> [Exercise instructions]:
Exclude the pictures from your copy, and reproduce each entry below verbatim.

Stored records
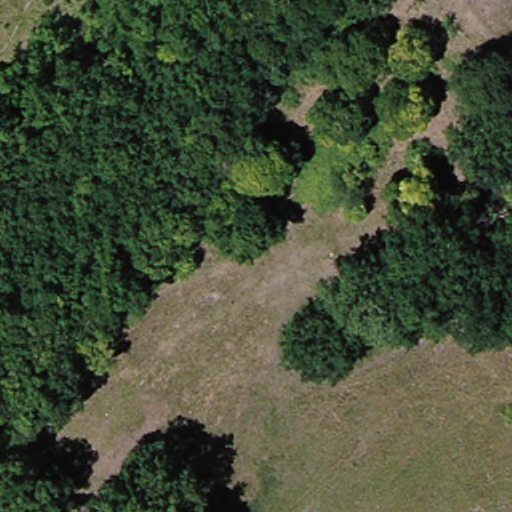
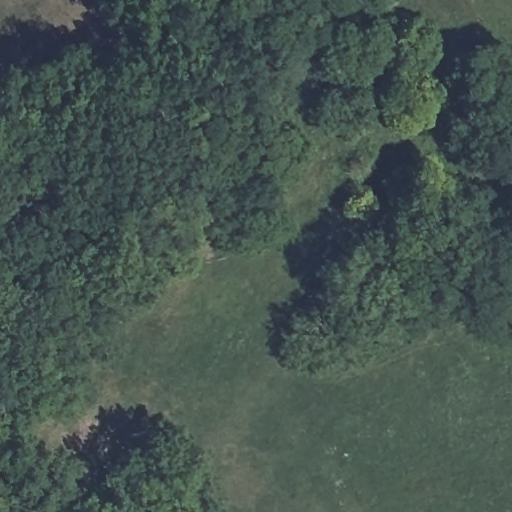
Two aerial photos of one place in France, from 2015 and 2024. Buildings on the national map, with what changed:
[]

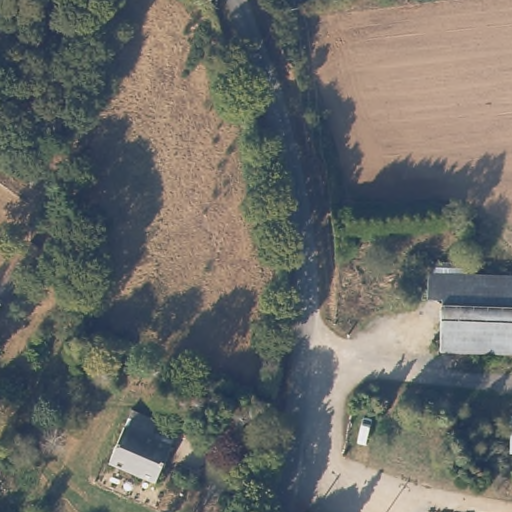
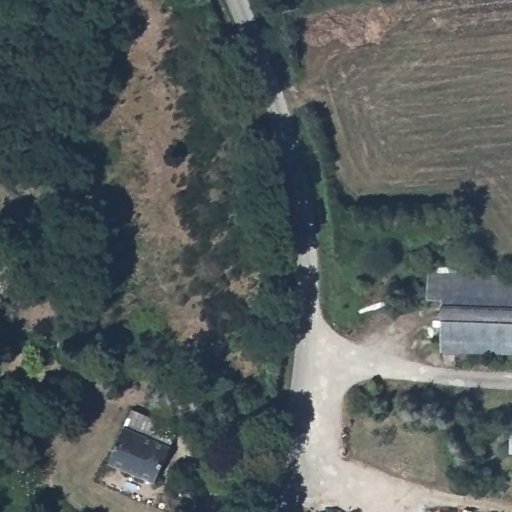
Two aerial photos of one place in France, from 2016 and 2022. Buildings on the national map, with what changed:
unchanged [(442,353),(443,300),(429,300),(429,277),(429,265),(468,265),(469,277),(512,279),(512,355),(442,353)]
unchanged [(512,418),(512,449),(508,448),(507,417),(512,418)]
unchanged [(169,437),(156,471),(111,455),(122,418),(169,437)]

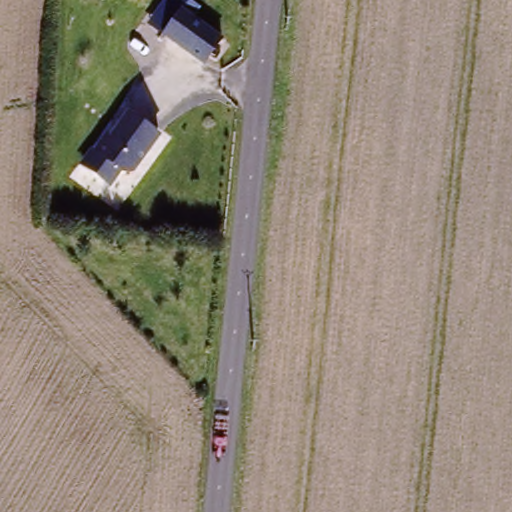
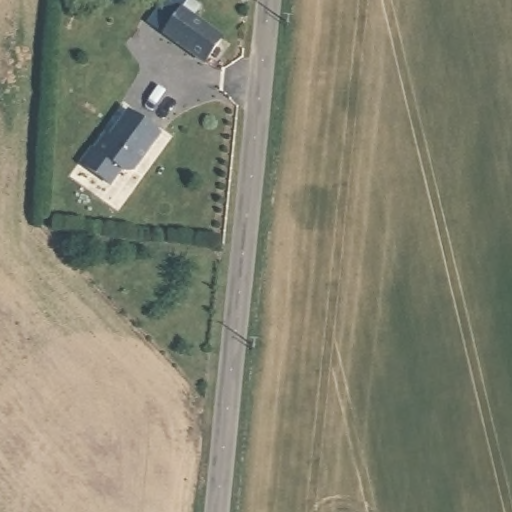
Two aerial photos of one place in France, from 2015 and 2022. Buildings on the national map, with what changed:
unchanged [(222,39),(204,65),(162,40),(179,10),(222,39)]
unchanged [(159,138),(129,179),(119,175),(107,189),(74,165),(124,108),(159,138)]

> [Task result]:
Two aerial photos of one place in France, from 2015 and 2024. Buildings on the national map, with what changed:
[]

Two aerial photos of one place in France, from 2016 and 2022. Buildings on the national map, with what changed:
unchanged [(442,353),(443,300),(429,300),(429,277),(429,265),(468,265),(469,277),(512,279),(512,355),(442,353)]
unchanged [(512,418),(512,449),(508,448),(507,417),(512,418)]
unchanged [(169,437),(156,471),(111,455),(122,418),(169,437)]

Two aerial photos of one place in France, from 2015 and 2022. Buildings on the national map, with what changed:
unchanged [(222,39),(204,65),(162,40),(179,10),(222,39)]
unchanged [(159,138),(129,179),(119,175),(107,189),(74,165),(124,108),(159,138)]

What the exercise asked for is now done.